The actors attributes shape the team, bringing it to life. Moulding the organism of the team into the environment of the game. In an organic football philosophy training and practices need to be focused on developing the connections within the group while focusing on the strengths of the individuals. As cohesion grows the capabilities and attributes of individuals may also evolve opening up greater possibilities for the group.

Organic football is a quest for football in it’s most free form. Allowing it to flow and move rather than being poured into a bottle, a lid clamping down on natural flow. Organic football is a term reflective of an ever developing, growing and changing environment or ecology. What is the ecology of football? What is the minimum structure required for football? Goals? A ball? Players? Boundaries? Much of this will depend on what we call football. A football vs the game of football is a distinction that seems obvious. Playing with a football is not playing football. Can we play a game of football without boundaries? Can we play a game of football without goals?

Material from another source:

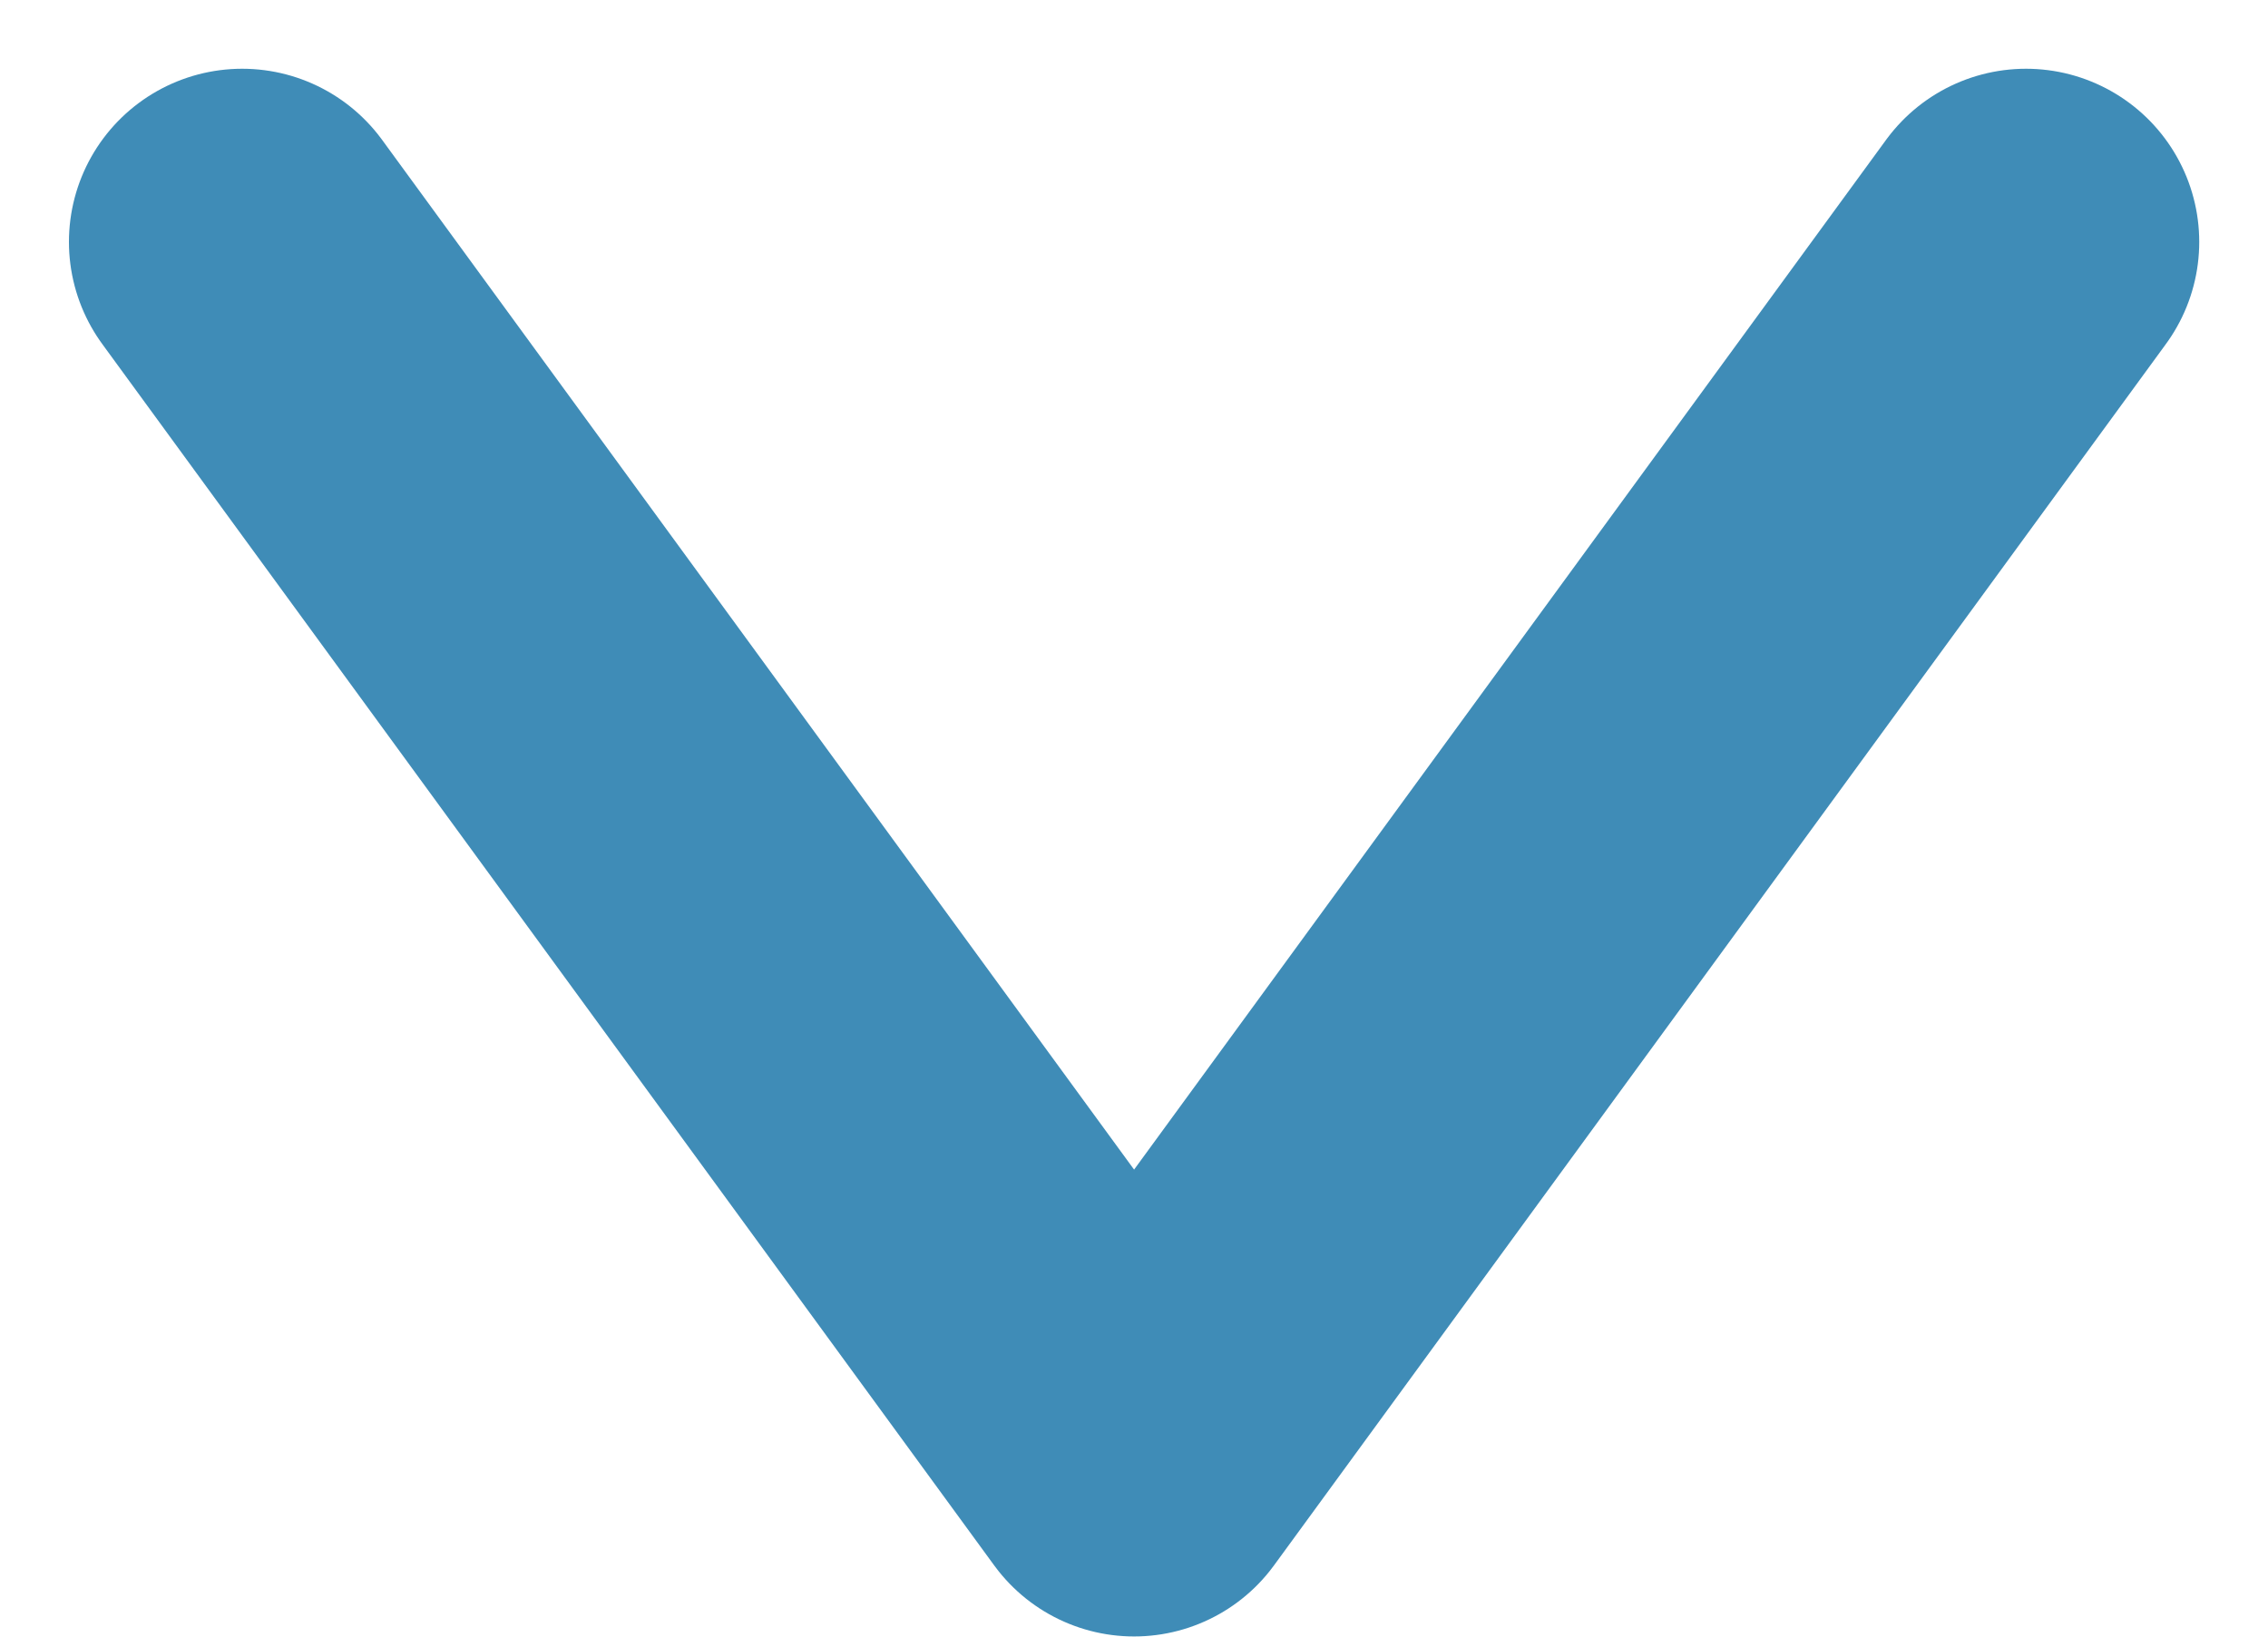 <svg xmlns="http://www.w3.org/2000/svg" width="13.093" height="9.451" viewBox="0 0 13.093 9.451">
  <path id="パス_6036" data-name="パス 6036" d="M873.456,427.905l7.053,5.149-7.053,5.149" transform="translate(439.601 -872.059) rotate(90)" fill="none" stroke="#3f8cb7" stroke-linecap="round" stroke-linejoin="round" stroke-width="2"/>
</svg>

The cage provides a boundary for playing football but the cage is clearly unnatural. Nothing of the city is natural, the concrete jungle with it’s concrete football provides other avenues of exploration, but not organic avenues. However, the cage does an environment of football freedom that is not always found on the grass.

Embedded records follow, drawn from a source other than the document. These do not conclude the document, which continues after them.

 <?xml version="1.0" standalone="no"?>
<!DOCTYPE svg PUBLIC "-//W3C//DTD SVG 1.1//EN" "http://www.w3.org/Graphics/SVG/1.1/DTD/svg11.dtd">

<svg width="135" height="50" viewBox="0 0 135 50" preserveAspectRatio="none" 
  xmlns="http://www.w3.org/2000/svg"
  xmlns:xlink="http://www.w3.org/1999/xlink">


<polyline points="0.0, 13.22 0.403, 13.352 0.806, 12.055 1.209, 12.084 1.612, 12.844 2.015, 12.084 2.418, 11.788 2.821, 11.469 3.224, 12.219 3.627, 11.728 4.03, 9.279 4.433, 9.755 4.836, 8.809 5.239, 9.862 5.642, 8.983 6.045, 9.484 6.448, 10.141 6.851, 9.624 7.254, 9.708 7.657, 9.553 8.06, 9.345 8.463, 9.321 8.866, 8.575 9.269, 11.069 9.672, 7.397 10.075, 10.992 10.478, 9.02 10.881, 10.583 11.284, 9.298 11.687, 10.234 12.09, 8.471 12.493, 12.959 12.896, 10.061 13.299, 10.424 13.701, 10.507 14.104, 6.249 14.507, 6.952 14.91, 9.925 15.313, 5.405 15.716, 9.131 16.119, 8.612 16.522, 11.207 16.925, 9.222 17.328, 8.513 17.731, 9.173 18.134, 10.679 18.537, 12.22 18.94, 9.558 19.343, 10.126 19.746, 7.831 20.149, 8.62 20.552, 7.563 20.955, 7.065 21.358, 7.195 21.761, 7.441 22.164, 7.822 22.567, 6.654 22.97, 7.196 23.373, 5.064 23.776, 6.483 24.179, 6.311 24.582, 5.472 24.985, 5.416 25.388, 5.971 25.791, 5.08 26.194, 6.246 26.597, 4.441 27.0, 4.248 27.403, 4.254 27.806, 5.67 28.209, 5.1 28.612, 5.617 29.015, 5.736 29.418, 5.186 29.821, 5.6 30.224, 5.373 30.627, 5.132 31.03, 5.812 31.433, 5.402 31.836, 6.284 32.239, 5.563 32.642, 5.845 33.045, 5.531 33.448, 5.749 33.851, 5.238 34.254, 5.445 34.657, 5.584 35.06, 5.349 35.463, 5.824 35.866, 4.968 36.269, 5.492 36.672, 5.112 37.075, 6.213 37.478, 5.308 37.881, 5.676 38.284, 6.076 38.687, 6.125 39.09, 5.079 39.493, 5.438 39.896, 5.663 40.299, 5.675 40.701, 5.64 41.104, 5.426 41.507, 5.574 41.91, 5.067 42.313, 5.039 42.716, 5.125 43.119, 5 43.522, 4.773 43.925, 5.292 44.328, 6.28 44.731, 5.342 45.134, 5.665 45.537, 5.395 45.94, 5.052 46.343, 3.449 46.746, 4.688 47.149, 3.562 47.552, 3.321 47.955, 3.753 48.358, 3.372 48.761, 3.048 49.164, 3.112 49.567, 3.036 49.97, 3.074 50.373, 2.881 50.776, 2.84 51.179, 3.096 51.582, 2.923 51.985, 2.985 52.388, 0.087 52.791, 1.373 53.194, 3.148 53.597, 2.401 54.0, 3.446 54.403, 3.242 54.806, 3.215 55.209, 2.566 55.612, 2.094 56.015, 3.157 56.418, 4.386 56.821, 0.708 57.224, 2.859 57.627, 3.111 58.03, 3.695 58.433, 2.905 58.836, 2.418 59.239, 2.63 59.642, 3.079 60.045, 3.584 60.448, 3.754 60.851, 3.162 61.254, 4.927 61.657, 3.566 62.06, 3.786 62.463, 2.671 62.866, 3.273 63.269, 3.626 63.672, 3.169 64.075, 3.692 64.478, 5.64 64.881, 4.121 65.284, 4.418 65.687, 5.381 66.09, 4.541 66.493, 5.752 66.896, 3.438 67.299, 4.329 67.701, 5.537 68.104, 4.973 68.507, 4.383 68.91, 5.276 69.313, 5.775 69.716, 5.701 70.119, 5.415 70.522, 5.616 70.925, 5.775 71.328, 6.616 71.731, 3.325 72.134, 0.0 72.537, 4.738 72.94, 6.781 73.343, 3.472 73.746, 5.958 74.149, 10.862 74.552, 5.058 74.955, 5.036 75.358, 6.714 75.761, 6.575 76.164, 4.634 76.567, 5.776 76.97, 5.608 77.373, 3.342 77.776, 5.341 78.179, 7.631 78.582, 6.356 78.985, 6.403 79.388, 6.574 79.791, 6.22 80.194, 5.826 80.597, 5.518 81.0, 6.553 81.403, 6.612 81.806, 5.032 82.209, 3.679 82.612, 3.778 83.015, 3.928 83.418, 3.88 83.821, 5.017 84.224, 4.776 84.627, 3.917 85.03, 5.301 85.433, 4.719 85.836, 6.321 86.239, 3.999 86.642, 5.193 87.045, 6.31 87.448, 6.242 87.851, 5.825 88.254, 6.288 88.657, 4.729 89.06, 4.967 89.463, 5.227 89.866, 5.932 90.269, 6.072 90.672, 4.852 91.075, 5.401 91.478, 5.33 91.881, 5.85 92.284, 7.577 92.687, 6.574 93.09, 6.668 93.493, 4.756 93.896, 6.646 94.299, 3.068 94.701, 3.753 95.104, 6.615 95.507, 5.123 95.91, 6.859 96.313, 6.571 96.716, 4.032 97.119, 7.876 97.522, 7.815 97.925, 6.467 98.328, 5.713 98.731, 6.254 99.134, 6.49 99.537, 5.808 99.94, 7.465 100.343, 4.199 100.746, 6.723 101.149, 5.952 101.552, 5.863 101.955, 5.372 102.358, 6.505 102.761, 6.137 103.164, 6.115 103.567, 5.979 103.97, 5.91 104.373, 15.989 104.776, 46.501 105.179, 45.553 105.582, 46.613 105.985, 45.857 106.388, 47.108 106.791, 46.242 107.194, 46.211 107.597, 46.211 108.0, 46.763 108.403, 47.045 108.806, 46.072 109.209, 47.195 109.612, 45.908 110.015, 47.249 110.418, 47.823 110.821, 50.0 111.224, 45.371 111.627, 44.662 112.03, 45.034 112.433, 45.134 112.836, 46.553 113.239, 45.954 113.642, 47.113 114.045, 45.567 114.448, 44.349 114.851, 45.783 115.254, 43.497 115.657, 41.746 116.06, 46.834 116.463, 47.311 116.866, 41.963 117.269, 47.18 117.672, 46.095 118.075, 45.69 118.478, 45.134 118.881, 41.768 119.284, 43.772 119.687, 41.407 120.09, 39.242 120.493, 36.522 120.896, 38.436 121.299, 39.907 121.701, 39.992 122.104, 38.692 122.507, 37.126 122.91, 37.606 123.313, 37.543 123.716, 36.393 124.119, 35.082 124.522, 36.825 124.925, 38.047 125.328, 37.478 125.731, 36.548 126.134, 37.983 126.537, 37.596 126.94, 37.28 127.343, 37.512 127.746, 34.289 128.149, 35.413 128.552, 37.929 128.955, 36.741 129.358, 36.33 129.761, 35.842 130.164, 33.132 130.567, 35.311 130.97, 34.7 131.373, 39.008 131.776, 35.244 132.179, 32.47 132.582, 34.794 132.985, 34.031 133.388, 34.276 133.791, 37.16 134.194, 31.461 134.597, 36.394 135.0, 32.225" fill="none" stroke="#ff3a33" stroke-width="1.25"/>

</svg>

The action of striking an object with the feet seems to be almost innate. So much so that the ownership of inventing the game of football is pointless. Kicking big, kicking small. Kicking huge, kicking tiny. Passing, shooting and dribbling. Humans taking an object and aiming at another object is an extension of hunting or practicing for the hunt. It doesn’t take a gargantuan leap of the imagination to create goals and scoring from this. A game of scoring can be extrapolated from this idea.

Another natural idea is that of keeping a precious object from a rival. Even without a target or goals a game can be played for ownership of the object of desire. It is possible that ownership is even more naturalistic than that of striking a target. A game of ball ownership is less of a spectacle than that of scoring, the laws makers chose scoring as the way of deciding the game, selecting one aspect of human nature over another to create the football ecology. Scoring trumps all.

It is here that organic football becomes an extension of the principles of play. The environment is the football pitch, the actions upon the pitch are geared towards winning. Football at it’s most fundamental is competitive. To succeed in this competition the actors need to be combative and creative. The organism needs to balance these two ideals to achieve victory. The organism requires structure in order to be recognisable as an organism. An organism with too much structure loses it’s life and turns to concrete. The organism needs enough to structure to have form, but not so much structure that it becomes a statue.

The football environment is one of swirling chaos. The game model seeks to limit and control the chaos, imposing the will of man upon nature. Organic football seeks to embrace the chaos and then negotiate a pathway through the chaos. The will is imposed but only within the moment and utilising the skills of those acting. The game model will attempt to use the same solutions time and time again, but it may attempt the footballing equivalent of drying a rain forest with a thunderstorm, just because the thunderstorm solved the desert problem.

To succeed the actors will need high levels of understanding of the facets of their environment and equal levels of understanding of their organism. Players will need to be able to respond to the chaos and act accordingly, without relying on side-line instruction. No two environments will ever be identical because the flow of chaos within the football ecology is ultimately driven by the inhabitants.

Organic football seeks to be driven by the fundamentals of the game and the individual players. Gameplay driven by universal principles over personal preferences. The players driving the in game adjustments and having autonomy over those. Organic football might sound like a quest for Utopia. Perhaps it is. Once I understand it better I will let you all know.